THE PROBLEM: Your task is to copy every line of the entries that holds the word "http".
Start of DATA EXCERPTS
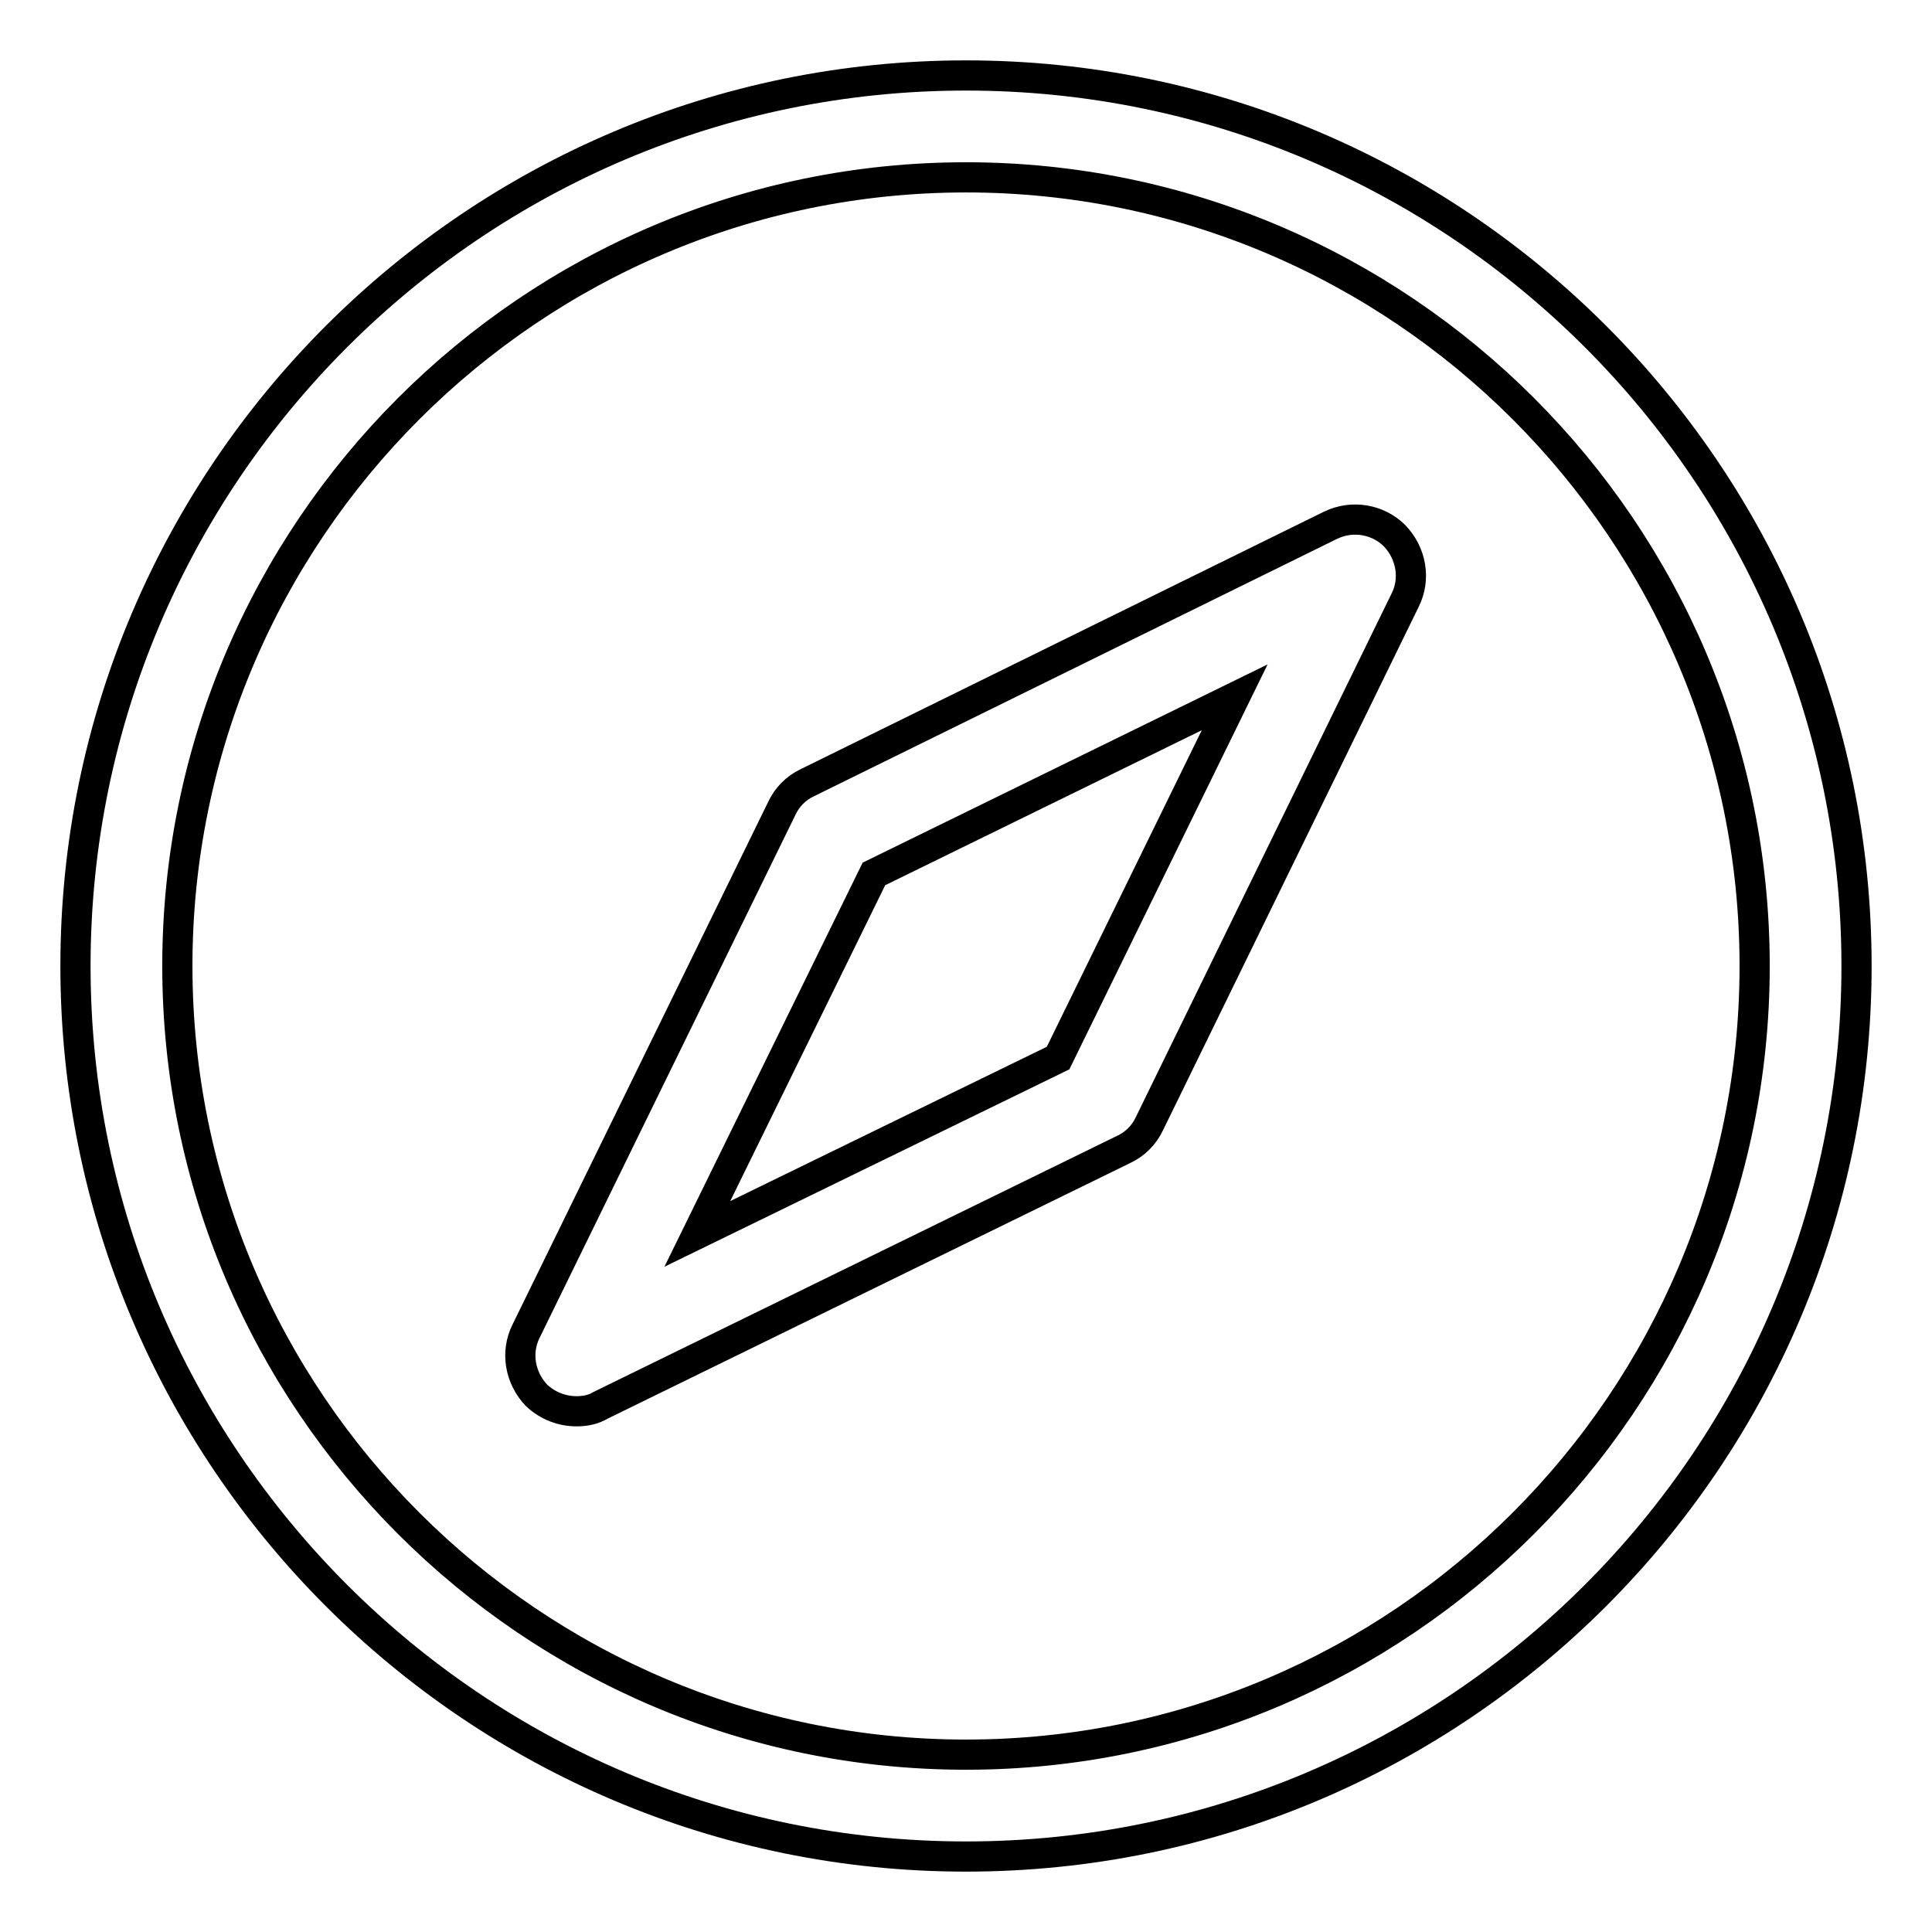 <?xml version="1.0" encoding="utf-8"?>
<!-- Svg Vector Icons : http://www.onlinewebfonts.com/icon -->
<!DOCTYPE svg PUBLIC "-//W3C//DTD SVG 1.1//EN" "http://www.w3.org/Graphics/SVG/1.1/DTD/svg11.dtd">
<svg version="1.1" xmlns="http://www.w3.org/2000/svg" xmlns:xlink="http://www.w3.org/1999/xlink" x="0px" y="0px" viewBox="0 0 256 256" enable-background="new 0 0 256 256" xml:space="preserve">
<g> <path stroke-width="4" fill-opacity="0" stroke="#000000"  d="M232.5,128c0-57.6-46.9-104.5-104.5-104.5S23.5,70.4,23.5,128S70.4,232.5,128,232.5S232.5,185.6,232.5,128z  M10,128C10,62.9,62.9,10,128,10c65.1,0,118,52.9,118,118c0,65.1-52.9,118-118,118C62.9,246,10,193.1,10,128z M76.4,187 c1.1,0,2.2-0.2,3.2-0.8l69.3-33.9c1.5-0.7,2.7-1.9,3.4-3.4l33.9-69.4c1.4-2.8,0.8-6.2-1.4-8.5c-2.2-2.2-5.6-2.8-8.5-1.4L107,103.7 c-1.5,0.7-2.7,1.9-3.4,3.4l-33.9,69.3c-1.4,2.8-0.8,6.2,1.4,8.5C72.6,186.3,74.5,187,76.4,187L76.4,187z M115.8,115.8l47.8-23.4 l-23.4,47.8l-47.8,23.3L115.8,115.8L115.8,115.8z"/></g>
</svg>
End of DATA EXCERPTS
RESPONSE TO THIS EXERCISE:
<!-- Svg Vector Icons : http://www.onlinewebfonts.com/icon -->
<!DOCTYPE svg PUBLIC "-//W3C//DTD SVG 1.1//EN" "http://www.w3.org/Graphics/SVG/1.1/DTD/svg11.dtd">
<svg version="1.1" xmlns="http://www.w3.org/2000/svg" xmlns:xlink="http://www.w3.org/1999/xlink" x="0px" y="0px" viewBox="0 0 256 256" enable-background="new 0 0 256 256" xml:space="preserve">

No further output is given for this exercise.